### Information shown
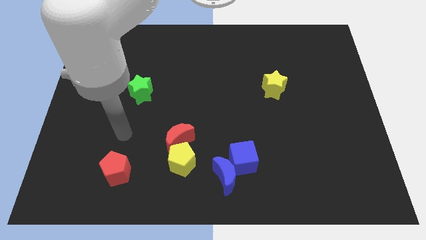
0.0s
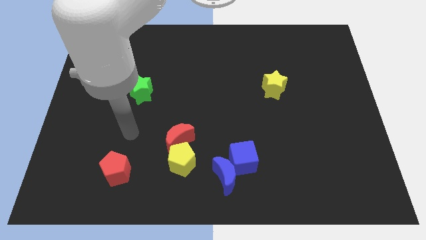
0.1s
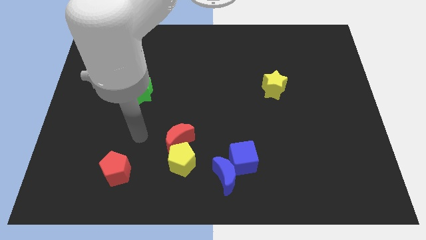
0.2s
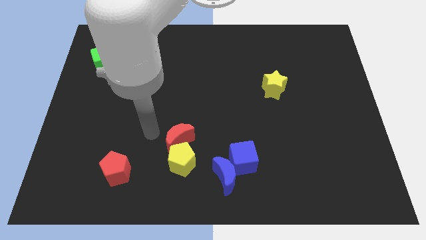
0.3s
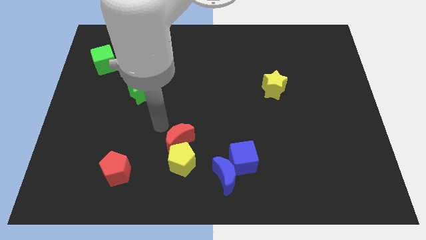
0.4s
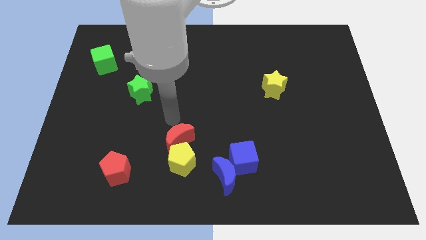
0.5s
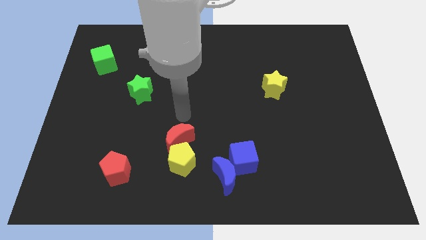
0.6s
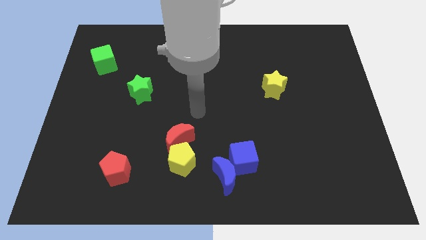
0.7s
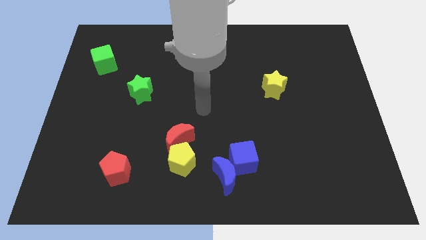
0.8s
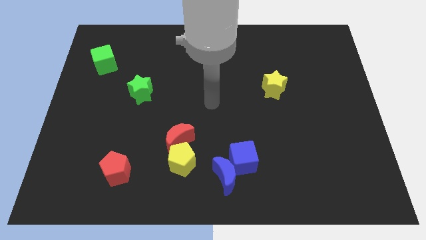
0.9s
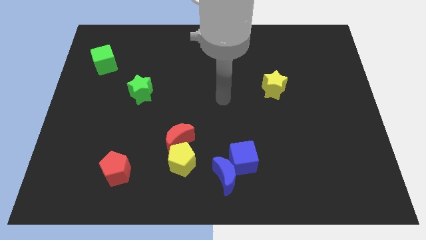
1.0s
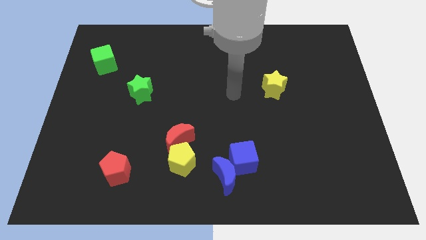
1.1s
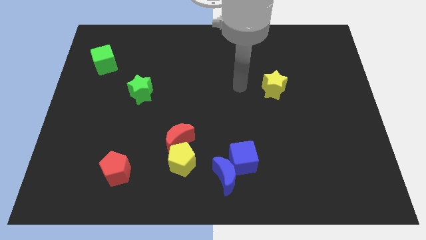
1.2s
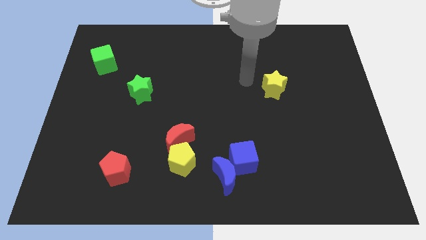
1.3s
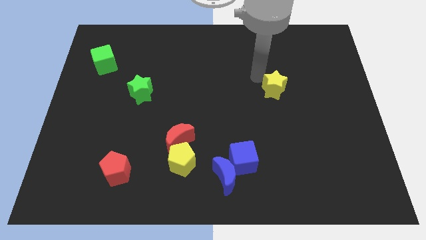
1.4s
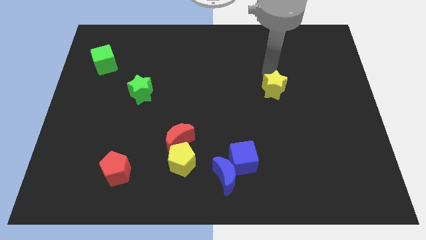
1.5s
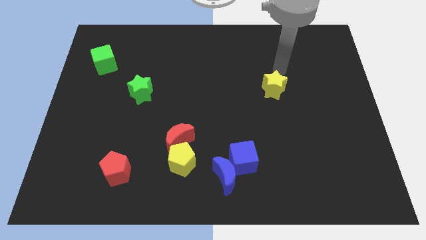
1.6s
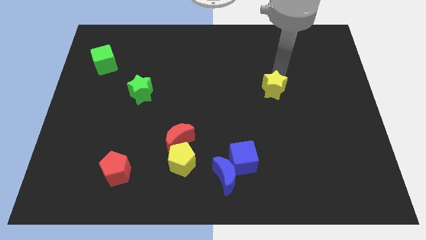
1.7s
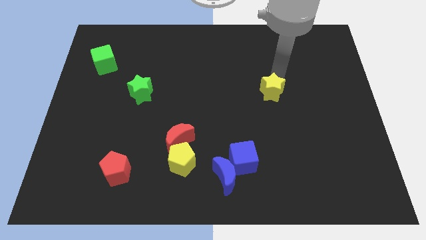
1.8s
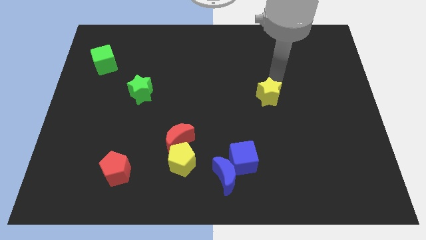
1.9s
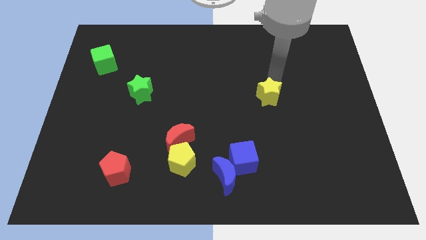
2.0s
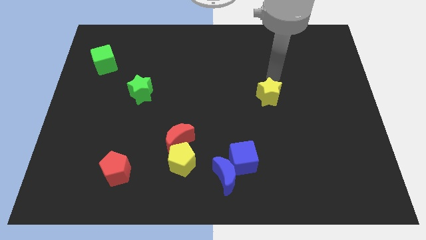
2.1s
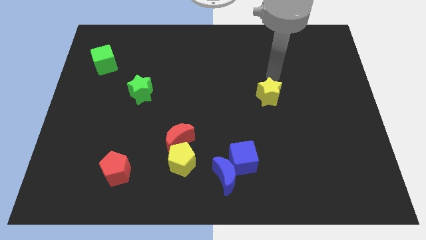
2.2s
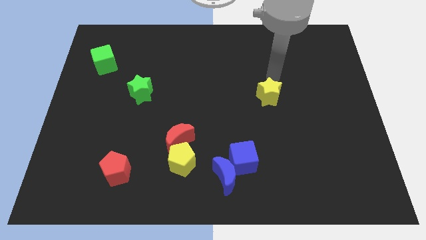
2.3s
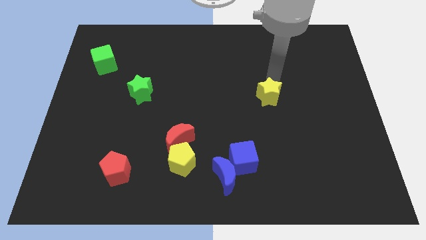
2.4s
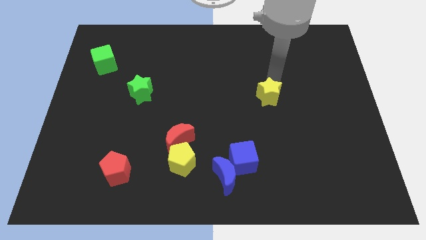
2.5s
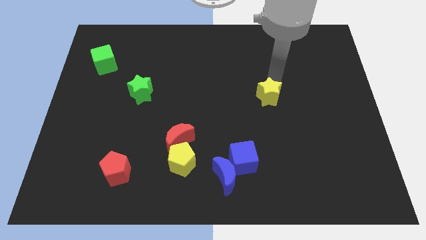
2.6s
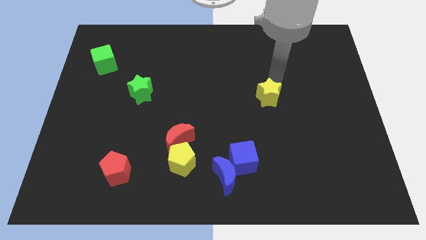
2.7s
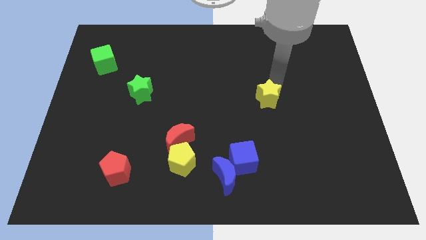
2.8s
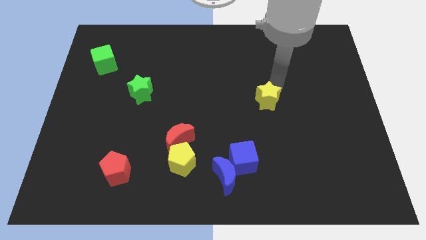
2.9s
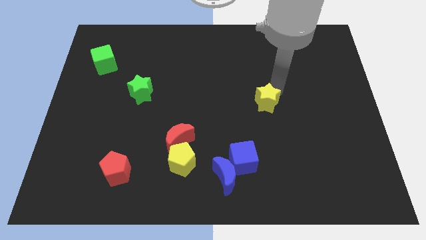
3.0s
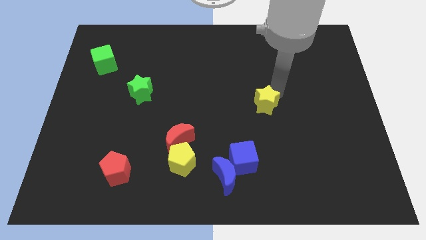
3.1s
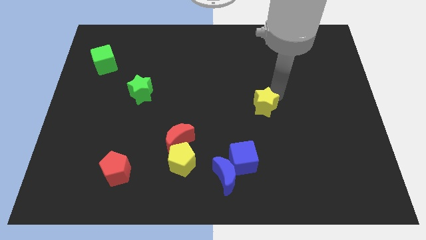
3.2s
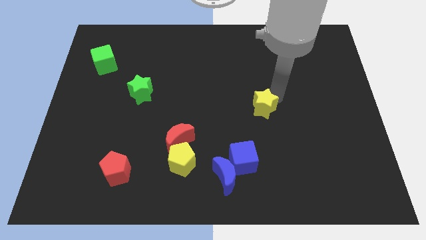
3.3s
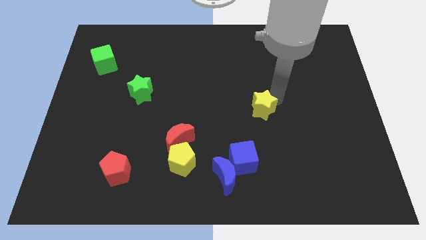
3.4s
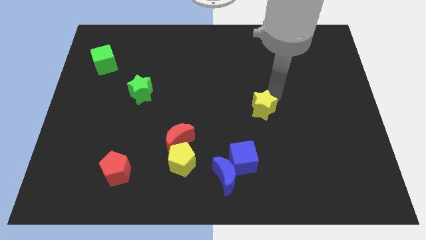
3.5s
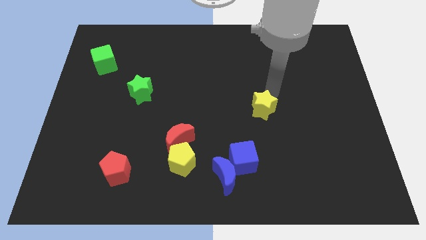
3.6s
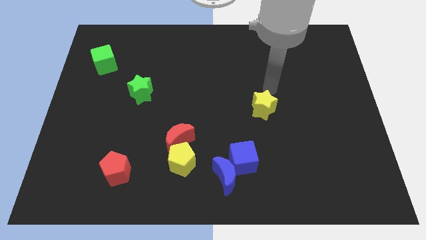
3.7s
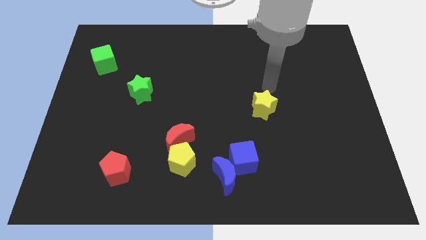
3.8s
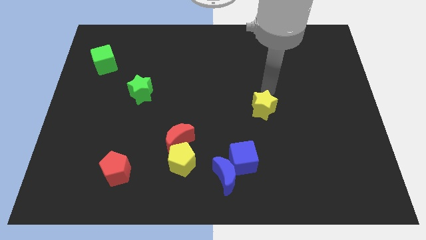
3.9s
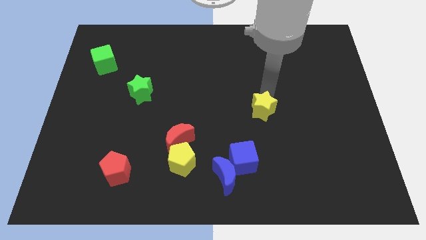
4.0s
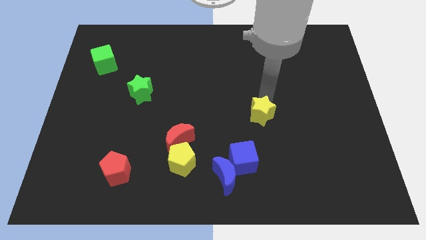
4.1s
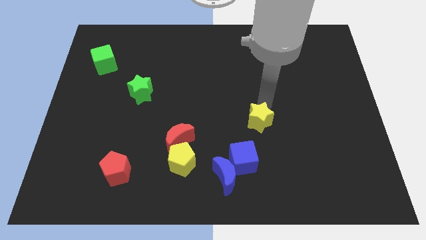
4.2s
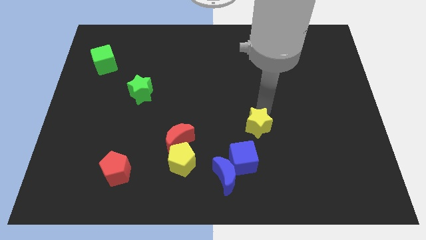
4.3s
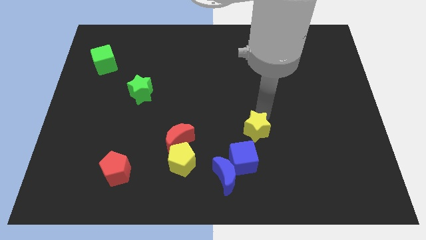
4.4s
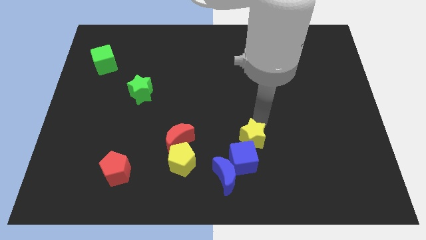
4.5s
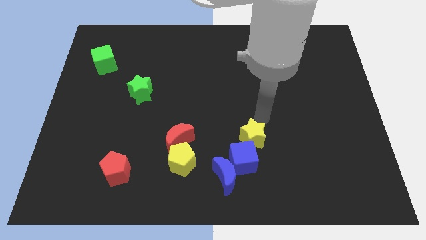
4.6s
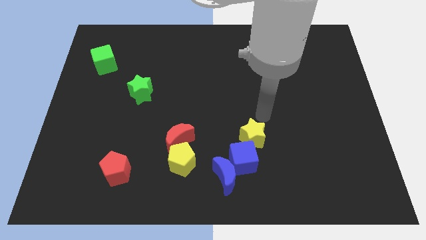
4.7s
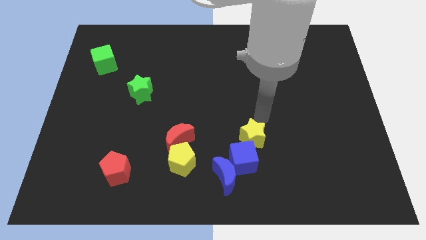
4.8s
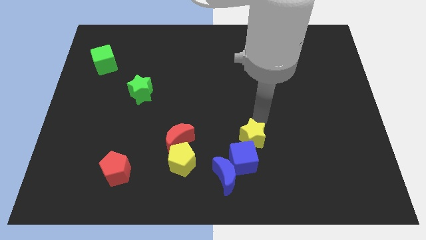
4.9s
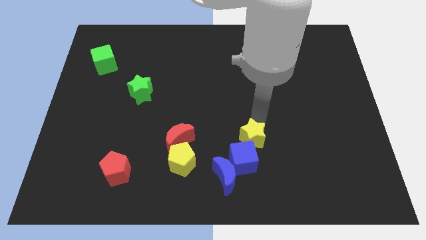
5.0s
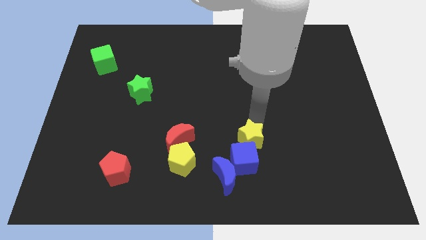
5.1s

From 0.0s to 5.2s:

### Task description
Return the complete material exactly as given, excluding images.

### Exercise solution
0.0s
0.1s
0.2s
0.3s
0.4s
0.5s
0.6s
0.7s
0.8s
0.9s
1.0s
1.1s
1.2s
1.3s
1.4s
1.5s
1.6s
1.7s
1.8s
1.9s
2.0s
2.1s
2.2s
2.3s
2.4s
2.5s
2.6s
2.7s
2.8s
2.9s
3.0s
3.1s
3.2s
3.3s
3.4s
3.5s
3.6s
3.7s
3.8s
3.9s
4.0s
4.1s
4.2s
4.3s
4.4s
4.5s
4.6s
4.7s
4.8s
4.9s
5.0s
5.1s

From 0.0s to 5.2s:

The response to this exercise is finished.